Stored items
--------------------

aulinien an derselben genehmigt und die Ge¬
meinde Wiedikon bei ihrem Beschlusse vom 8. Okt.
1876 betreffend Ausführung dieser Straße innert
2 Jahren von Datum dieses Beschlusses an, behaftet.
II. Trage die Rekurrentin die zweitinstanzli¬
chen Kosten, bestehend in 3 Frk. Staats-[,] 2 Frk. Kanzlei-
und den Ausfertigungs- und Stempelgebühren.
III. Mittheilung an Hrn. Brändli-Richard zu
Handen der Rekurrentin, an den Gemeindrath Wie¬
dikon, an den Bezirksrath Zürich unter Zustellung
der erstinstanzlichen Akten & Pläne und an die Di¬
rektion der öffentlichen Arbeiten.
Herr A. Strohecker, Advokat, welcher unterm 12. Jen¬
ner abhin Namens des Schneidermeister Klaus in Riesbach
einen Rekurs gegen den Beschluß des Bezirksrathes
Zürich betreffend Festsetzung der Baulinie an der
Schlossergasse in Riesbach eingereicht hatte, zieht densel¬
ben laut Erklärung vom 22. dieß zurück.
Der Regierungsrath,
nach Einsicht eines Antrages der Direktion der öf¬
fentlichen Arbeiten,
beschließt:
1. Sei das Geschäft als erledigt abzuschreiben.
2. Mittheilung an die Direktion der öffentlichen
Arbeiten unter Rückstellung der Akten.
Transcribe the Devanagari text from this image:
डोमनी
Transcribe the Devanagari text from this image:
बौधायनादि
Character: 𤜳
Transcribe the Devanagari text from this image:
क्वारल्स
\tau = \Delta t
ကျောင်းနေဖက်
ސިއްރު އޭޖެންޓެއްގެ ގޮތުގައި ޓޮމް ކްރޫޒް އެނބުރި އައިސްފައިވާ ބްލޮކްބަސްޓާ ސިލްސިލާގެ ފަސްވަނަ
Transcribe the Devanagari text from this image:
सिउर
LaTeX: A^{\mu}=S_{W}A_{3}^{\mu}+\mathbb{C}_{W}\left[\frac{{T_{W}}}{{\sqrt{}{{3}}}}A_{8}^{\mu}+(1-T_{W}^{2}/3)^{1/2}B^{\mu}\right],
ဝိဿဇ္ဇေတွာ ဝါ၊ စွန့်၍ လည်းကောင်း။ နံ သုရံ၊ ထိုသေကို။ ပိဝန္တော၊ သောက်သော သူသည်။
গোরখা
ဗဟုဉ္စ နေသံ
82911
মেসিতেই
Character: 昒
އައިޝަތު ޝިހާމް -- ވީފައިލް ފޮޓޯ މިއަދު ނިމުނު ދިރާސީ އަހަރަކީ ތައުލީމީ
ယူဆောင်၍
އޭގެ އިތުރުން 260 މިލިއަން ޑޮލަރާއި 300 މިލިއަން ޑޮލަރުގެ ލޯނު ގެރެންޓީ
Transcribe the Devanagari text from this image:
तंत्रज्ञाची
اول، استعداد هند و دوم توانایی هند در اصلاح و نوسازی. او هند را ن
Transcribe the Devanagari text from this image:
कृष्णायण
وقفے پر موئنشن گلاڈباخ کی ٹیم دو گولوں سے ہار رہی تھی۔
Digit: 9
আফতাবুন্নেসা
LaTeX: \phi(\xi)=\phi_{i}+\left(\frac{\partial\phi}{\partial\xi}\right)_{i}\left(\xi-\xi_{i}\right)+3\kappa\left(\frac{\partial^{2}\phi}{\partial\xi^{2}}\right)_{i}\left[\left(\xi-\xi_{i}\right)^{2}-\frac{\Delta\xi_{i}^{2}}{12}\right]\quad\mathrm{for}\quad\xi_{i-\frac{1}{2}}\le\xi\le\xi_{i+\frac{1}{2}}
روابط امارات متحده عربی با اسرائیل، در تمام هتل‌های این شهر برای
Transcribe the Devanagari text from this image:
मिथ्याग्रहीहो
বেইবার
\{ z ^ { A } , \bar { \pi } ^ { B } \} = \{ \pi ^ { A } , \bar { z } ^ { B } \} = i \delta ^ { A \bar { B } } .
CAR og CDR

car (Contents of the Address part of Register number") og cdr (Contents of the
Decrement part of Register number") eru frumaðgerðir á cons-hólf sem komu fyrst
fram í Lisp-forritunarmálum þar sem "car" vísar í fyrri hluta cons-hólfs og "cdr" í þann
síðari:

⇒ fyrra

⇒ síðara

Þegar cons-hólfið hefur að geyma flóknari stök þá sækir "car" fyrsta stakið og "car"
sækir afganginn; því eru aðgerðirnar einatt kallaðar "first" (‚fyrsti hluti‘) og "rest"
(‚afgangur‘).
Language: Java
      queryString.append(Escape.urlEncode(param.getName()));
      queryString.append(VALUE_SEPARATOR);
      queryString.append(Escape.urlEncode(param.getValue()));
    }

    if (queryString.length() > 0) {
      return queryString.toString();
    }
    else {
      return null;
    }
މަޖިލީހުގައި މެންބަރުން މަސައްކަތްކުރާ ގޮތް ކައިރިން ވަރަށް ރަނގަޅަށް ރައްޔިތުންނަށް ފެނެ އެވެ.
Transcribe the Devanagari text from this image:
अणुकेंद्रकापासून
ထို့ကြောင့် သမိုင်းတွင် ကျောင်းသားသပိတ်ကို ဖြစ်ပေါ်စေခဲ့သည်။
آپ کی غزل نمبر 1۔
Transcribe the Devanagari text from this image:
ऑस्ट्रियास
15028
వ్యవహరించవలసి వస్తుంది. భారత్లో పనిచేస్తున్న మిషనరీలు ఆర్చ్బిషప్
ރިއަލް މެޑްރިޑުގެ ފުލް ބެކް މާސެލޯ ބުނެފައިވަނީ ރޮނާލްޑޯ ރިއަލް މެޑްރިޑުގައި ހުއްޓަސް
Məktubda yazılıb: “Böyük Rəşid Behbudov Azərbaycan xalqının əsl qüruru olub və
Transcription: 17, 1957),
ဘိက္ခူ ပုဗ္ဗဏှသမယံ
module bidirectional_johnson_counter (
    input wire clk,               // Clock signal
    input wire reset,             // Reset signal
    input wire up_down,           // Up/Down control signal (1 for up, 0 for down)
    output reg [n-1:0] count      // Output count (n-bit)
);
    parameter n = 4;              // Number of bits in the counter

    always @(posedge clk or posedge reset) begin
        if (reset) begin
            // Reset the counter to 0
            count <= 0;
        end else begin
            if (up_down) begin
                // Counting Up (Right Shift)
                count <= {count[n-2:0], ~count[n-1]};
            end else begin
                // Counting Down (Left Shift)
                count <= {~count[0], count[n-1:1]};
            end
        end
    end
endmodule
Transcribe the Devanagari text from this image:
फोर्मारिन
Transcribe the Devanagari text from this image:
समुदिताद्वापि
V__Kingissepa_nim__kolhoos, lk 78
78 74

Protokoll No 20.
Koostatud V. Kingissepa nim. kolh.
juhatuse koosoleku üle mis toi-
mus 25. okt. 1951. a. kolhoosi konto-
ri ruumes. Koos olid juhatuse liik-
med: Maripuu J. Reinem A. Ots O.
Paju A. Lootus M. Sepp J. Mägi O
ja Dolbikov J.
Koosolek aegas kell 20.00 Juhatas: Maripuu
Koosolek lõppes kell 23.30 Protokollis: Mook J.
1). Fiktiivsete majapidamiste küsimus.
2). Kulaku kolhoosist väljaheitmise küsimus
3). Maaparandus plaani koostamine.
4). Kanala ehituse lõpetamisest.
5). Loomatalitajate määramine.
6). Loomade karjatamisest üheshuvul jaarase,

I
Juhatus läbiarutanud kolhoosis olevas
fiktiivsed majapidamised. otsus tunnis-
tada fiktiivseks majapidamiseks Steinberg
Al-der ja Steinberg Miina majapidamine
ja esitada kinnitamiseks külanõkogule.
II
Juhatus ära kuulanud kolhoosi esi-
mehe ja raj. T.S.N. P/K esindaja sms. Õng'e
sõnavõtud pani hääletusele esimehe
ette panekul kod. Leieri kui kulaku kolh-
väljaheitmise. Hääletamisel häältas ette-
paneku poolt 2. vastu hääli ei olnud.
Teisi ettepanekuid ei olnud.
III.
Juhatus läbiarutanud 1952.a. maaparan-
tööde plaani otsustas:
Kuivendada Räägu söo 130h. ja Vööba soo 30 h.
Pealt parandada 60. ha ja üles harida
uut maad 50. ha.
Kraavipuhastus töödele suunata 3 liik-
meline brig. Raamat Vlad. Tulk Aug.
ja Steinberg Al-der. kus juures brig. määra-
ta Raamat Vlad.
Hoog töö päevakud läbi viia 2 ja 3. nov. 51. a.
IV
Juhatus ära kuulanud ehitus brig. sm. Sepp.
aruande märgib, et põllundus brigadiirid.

--------------------

▸ Action item: In the entries above, find the line with "ဗဟုဉ္စ နေသံ" and the line with "আফতাবুন্নেসা", then set down exactly those two and every line between them, nothing else.

▸ Completed task:
ဗဟုဉ္စ နေသံ
82911
মেসিতেই
Character: 昒
އައިޝަތު ޝިހާމް -- ވީފައިލް ފޮޓޯ މިއަދު ނިމުނު ދިރާސީ އަހަރަކީ ތައުލީމީ
ယူဆောင်၍
އޭގެ އިތުރުން 260 މިލިއަން ޑޮލަރާއި 300 މިލިއަން ޑޮލަރުގެ ލޯނު ގެރެންޓީ
Transcribe the Devanagari text from this image:
तंत्रज्ञाची
اول، استعداد هند و دوم توانایی هند در اصلاح و نوسازی. او هند را ن
Transcribe the Devanagari text from this image:
कृष्णायण
وقفے پر موئنشن گلاڈباخ کی ٹیم دو گولوں سے ہار رہی تھی۔
Digit: 9
আফতাবুন্নেসা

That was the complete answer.